The Best Exotic Marigold Hotel - Eastern premises

May 19, 2012 06:40 pm | Updated July 11, 2016 06:58 pm IST

Dame Judi Dench, as that imperious name suggests, is who you call upon to glower on screen, to peer down from her perch at mere mortals. She scowled magnificently as Queen Elizabeth I in Shakespeare in Love and terrified all of England, and as M in the latter-day Bond movies, she was less the empress of espionage than a tart school marm. Even double-oh-seven cowered before her, as if anticipating banishment to a corner of the classroom.

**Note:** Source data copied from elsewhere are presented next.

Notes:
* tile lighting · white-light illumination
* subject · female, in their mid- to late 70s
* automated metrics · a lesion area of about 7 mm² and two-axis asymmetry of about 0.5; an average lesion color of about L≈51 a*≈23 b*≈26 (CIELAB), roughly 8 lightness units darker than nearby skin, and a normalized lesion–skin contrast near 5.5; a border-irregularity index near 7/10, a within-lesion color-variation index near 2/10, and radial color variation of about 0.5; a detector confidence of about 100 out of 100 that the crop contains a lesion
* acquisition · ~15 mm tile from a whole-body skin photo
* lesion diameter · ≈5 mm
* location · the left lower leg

But a softer side emerges in an early scene in The Best Exotic Marigold Hotel , when a throaty gurgle erupts from her in response to an unexpected comment. She laughs so warmly and open-heartedly that the screen fills up with unrepressed joy — lesser actors should be taking notes. Tom Wilkinson, on the other hand, delivers a master class on how to cry — not with quivering emotion and exhibitionistic tears, but with the gentle relief of unburdening oneself of a decades-long secret. Both moments — Dench's happiness, Wilkinson's sorrow — are fleet, and yet, these veterans make each second count.

Late in the film, Muriel (Maggie Smith) appraises the lonely, husband-hunting Madge (Celia Imrie) and tells her not to worry, because she's a thoroughbred. She could be speaking of all the seniors in the cast. The Best Exotic Marigold Hotel , set in Jaipur, is nothing if not a demonstration of how thoroughbreds can vault effortlessly over a procession of clichés and trot past the finish line undiminished.

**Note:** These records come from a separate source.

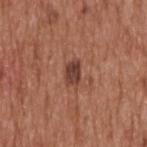A male subject in their mid-60s. The tile uses white-light illumination. Cropped from a whole-body photographic skin survey; the tile spans about 15 mm. The lesion is on the head or neck.
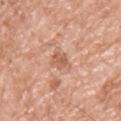Recorded during total-body skin imaging; not selected for excision or biopsy.
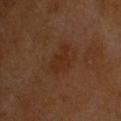The lesion was tiled from a total-body skin photograph and was not biopsied. This image is a 15 mm lesion crop taken from a total-body photograph. The tile uses cross-polarized illumination. A male patient, approximately 60 years of age. Approximately 3.5 mm at its widest. From the head or neck.

The premise is anything but subtle: Love Actually for the superannuated set. A “group of self-deluding old fossils” from England are deposited, for various reasons, at the titular flophouse, deluded by Photoshopped pictures that promised great luxury. Besides Muriel and Madge, there's the newly widowed Evelyn (Dench), the Ainslies (Bill Nighy and Penelope Wilton), the just-retired judge Graham (Wilkinson), and the ageless skirt chaser Norman (Ronald Pickup). Away from home, lessons will be learnt, lovers united, old hurts healed, new lives forged — it's India as soothing balm for frayed British nerves.

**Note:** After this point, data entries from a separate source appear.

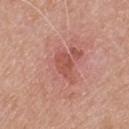Q: Is there a histopathology result?
A: total-body-photography surveillance lesion; no biopsy
Q: What is the imaging modality?
A: ~15 mm crop, total-body skin-cancer survey
Q: What did automated image analysis measure?
A: a shape-asymmetry score of about 0.25 (0 = symmetric)
Q: Patient demographics?
A: male, roughly 65 years of age
Q: How large is the lesion?
A: about 2.5 mm
Q: Illumination type?
A: white-light illumination
Q: Lesion location?
A: the upper back

John Madden, the director, begins the film with ‘Strangers in the night' tinkling in the background, and soon enough, these strangers are exchanging glances during a long night at the airport. And once they land in their former colony, they encounter camels, elephants, food poisoning, squalor, colour (beginning with the gauzy pink-orange sunset their plane lowers itself into), call centres, domineering mothers, arranged marriages, malfunctioning plumbing, and, perhaps most perplexing of all, idiomatic Indian English. (The manager of the hotel, played by Dev Patel, cheerfully informs them, “Long in tooth you have become.”)

But the trite, soap-operatic machinations of plot are trumped by that great ensemble of English thespians. How do they do it every time, imbuing the creakiest of lines and scenarios with such wit and wisdom? Not every storyline works (and the portions with the Indians are the weakest), but there's enough to keep us invested in the redemption of these lost souls. Nighy explodes with long-suppressed frustrations, Wilton coolly assesses their foundering marriage, Wilkinson plays cricket with urchins on the street — it's superlative acting as soothing balm for frayed audience nerves.

The Best Exotic Marigold Hotel

Genre: Comedy-drama

Director: John Madden

Cast: Judi Dench, Bill Nighy, Maggie Smith

Storyline: Brits vacationing in India discover the country and themselves.